But of course, generating an entire other self and manifesting it into reality as the genuine article was intensive enough on its own. The amount of magical energy needed to produce such a result - to dedicate one’s own body as a shrine to Saturn, to accelerate the seasons while simultaneously maintaining their natural flow, and to harvest either one accordingly… Such a ritual, performed in mere seconds, would have been too much for an ordinary Magus to achieve even once.
The unsightly tangle pounced for her again. She collapsed the wave-function for the seventeenth time.
The Wodime clan had persisted for a thousand years without interruption. Oliphiaelé was one of the youngest Magi to ever rank so highly as herself. She had been awarded the colour of Purple for her accolades. She had rebuilt the ruins of her family’s Crest with great thaumaturgy that they had never before strayed into. None would quibble over the magnitude of her talents.
So why, why, why didn’t she have anything in her arsenal to deal with, of all the things in the entire world, the fact that this rudimentary automaton that was filled with metals - the catalysts for her spells - was covered in plastic?
“Polypropylene,” Sofie grinned. “Modern material that devalues the ancient. Natural advantage against metallurgy.”
Oliphiaelé’s face twisted in scorn. “Are you stupid?”
“Well, if you don’t want the comfy lie to make yourself feel better about losing to a washing machine…”
A scream of frustration. A sphere of iron evaporated, and sparks flew harmlessly from the side of the machine. The acrylic claws slashed again, slicing through the stones like water.
Indeed, the truth was far different. This was not a case of some esoteric conceptual advantage, but something much simpler. Magecraft was, in essence, the actualisation of Mysteries through magical energy. Therefore, stronger Mysteries would produce greater results with less magical energy.
But of course, it also followed that the depth of a Mystery was also practically irrelevant in the face of an ocean of magical energy. In other words, simple reinforcement of a couple of sheets of polypropylene could outclass even the thunderbolts of God if one only had a few hundred quintillion units of magical energy and the skill to control it.

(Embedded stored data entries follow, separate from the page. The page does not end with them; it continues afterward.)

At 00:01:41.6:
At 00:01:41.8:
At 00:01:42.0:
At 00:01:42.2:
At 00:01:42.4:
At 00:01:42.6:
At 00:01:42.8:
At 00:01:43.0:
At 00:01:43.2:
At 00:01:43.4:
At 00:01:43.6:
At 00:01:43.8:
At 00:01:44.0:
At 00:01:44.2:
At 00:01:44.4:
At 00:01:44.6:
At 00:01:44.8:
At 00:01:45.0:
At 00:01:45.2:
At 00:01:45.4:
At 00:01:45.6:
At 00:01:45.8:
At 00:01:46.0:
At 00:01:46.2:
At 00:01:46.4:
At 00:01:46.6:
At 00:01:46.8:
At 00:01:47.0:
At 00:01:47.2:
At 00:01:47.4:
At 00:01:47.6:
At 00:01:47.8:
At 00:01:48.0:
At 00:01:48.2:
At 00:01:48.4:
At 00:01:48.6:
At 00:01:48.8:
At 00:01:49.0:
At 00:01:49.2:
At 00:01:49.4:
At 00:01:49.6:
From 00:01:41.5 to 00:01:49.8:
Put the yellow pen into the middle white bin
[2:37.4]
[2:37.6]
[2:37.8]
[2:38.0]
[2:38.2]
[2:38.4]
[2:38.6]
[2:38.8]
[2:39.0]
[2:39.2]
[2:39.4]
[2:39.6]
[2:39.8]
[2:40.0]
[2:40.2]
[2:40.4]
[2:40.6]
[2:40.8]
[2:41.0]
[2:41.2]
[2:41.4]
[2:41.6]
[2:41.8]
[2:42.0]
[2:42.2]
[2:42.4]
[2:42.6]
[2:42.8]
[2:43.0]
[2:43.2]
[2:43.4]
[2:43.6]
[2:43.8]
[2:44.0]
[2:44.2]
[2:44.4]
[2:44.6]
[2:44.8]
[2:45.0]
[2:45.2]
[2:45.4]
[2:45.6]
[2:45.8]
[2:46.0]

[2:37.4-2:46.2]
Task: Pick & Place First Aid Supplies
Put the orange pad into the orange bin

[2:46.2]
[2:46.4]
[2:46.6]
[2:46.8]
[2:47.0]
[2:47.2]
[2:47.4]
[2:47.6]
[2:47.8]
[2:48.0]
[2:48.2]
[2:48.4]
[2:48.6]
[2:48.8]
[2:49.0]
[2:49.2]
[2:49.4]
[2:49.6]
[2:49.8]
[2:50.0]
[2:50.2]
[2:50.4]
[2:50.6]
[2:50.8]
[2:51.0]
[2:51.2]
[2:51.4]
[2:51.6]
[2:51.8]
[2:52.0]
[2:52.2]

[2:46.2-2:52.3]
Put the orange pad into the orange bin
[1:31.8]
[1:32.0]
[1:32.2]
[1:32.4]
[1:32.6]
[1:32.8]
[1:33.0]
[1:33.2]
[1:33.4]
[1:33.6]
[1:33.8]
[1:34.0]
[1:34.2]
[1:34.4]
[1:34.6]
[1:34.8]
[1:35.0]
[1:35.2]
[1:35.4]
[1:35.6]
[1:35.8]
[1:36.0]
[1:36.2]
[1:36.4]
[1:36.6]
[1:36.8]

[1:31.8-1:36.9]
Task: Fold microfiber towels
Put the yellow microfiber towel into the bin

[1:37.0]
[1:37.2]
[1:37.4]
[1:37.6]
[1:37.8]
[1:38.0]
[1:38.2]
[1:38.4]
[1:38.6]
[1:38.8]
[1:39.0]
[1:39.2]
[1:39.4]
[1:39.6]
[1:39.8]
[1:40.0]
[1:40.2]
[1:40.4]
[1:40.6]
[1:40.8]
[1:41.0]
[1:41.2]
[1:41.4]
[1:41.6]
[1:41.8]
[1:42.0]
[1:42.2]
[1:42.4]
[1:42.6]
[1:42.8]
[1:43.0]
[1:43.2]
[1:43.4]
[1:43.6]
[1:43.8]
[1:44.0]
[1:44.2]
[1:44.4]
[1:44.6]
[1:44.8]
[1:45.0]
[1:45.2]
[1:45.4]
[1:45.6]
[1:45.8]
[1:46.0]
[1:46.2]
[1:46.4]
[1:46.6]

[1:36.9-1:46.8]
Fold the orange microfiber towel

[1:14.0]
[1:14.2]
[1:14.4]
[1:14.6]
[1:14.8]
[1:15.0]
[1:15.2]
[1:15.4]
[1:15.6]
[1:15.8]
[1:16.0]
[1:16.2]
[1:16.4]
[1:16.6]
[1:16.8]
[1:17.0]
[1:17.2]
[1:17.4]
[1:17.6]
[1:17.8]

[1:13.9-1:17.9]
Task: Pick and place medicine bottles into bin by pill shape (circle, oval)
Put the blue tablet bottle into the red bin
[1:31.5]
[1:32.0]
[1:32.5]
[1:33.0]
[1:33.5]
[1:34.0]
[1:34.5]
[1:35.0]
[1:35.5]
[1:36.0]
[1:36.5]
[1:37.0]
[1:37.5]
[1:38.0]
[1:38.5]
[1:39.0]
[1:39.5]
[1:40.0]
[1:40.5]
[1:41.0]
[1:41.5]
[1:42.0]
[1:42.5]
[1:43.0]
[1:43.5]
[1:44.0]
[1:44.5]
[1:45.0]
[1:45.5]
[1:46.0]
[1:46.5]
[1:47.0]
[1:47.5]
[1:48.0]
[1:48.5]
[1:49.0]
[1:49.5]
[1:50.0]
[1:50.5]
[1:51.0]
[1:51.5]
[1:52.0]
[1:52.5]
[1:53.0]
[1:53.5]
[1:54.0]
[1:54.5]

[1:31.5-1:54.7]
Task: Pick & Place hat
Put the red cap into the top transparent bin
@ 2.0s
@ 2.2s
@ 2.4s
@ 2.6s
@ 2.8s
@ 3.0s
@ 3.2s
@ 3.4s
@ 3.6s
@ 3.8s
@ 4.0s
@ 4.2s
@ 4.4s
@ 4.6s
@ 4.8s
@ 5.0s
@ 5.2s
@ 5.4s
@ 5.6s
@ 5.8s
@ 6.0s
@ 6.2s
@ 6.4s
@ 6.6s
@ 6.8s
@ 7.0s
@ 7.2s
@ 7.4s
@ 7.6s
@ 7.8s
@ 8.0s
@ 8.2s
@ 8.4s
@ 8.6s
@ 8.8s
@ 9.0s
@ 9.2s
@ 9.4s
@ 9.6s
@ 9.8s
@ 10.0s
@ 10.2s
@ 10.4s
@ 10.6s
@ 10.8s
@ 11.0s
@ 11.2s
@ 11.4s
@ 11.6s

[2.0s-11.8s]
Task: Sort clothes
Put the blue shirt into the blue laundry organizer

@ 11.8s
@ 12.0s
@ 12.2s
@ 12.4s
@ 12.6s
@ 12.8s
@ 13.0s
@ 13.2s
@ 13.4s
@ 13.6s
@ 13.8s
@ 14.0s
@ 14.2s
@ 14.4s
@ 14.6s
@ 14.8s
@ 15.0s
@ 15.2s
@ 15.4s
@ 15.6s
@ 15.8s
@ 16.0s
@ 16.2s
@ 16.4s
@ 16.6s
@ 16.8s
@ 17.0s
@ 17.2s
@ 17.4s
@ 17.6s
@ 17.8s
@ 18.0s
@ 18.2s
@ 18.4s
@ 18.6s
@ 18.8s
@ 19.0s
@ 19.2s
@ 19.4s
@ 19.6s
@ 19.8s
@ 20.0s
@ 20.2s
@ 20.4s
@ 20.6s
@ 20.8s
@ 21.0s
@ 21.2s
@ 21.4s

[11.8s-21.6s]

Did Sofie outclass this girl so thoroughly? Not even close. Anyone would have scoffed at the thought.
This was the result not of simply being on a higher level, but of the careful application of pressure. It didn’t take very much to command the electricity within the motors and circuits to attack - barely much more than the energy necessary to compose the thought. But it was fast and it was strong, and to be certain that she was going to avoid it, the astromancer needed to exhaust a tremendous amount of power every single time. Sofie had no idea how much energy Wodime could generate in sixty seconds, but she was confident that she had the advantage in that regard. And if she was already generating more power in the first place right now…
She didn’t finish the thought. A pit opened up inside her.
“────?!”
A yawning cavern swallowed up the magical energy she had reserved for reinforcement.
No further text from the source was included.